Roberts sold the dolls from BabyLand General Hospital, a converted, abandoned medical clinic in Georgia. He didn’t sell them. They were adopted. Each doll came with a unique birth certificate and adoption papers. No parents were listed. Born in a cabbage patch. Martha Nelson Thomas, the woman who had actually invented the concept, sued Roberts. They settled out of court in 1985 for an undisclosed sum. Her name disappeared from the product.
Does this sound familiar? Coleco mass-produced them in 1983. Three million were sold by the end of that year. Twenty million in 1984. Two billion dollars in retail sales. Americans fought in stores to adopt these dolls. Dolls without parents, born from cabbages, distributed through a converted hospital.
The entire foundling system, compressed into a toy. And nobody noticed what the story was actually about because the story had been telling itself for eight hundred years. Every culture needs a narrative to explain what it cannot say openly. You don’t tell a child that their sibling was placed in a wooden box in a church wall by a mother who couldn’t afford to feed them.
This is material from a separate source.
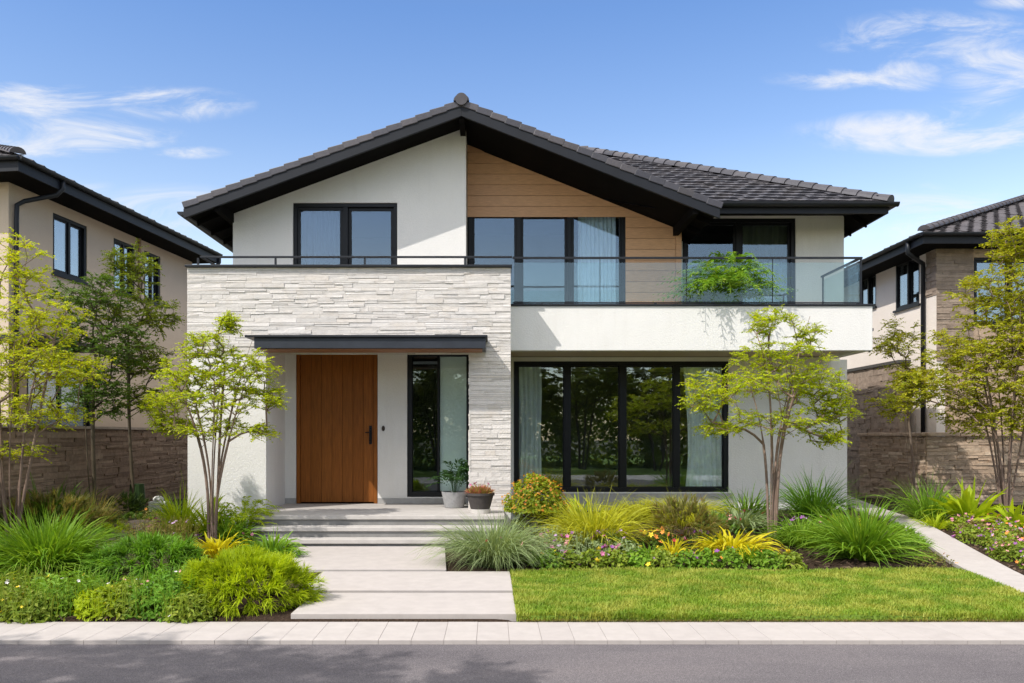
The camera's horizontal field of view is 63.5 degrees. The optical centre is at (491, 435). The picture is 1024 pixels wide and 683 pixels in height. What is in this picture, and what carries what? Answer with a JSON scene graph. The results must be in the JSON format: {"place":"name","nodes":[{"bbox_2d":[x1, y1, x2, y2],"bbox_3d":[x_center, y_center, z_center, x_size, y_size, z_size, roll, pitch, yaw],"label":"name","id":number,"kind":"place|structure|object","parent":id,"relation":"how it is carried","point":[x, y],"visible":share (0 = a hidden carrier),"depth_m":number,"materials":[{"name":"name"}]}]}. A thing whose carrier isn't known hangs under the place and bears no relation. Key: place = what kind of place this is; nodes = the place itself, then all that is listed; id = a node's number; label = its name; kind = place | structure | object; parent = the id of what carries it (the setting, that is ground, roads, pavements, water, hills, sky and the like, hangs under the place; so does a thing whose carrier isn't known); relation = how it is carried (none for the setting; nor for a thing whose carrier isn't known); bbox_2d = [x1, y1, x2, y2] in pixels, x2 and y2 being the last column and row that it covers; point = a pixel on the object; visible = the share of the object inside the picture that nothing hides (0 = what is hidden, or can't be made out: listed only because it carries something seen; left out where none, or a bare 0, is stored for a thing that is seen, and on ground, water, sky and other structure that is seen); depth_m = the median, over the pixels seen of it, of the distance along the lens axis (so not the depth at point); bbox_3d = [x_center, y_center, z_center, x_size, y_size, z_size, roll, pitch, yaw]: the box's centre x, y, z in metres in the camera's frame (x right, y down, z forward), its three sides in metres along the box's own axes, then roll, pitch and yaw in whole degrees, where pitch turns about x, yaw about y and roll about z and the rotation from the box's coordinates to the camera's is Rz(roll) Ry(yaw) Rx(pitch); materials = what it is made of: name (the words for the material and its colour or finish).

The child is told their sibling was found in the cabbage patch. A community isn’t told that 250,000 children were robbed of their identities and shipped across a continent. Postcards are sent of babies growing in gardens, nurtured by fairies, and delivered to loving homes. The fairy tale does the work of erasure. It always has.
Alice Guy-Blaché saw babies in glass cases on a Parisian boulevard and turned the experience into the first story cinema ever told. This story was about a fairy who pulled children from a garden. The original film from 1896 is now lost. Ninety percent of all films made before 1929 have disappeared. We have preserved almost nothing from the birth of cinema.
The only film that might tell us what culture was processing when it chose this story as its first has vanished. The postcards are in museum archives. The records of the orphan trains are in genealogical databases. The mechanisms of the foundling wheels are still embedded in the walls of old hospitals across Europe. The Cabbage Patch Kids lie in attics and storage rooms throughout America, each with its adoption certificate still tucked inside.
And somewhere between folklore and documentary, between fairy tale and institutional record, there’s a question no one has quite asked yet. What story does a civilization tell itself when it has to explain where all the children came from? What mythology does it construct when the truth is too big, too systemic, too inconvenient for a direct answer? And when this mythology appears in the first film, on the most popular postcards, and in the best-selling toys of the twentieth century, all with the same image: babies without parents, harvested from a garden. What exactly are we looking at? A coincidence spanning eight centuries and six continents? Or the longest-running cover story in Western history?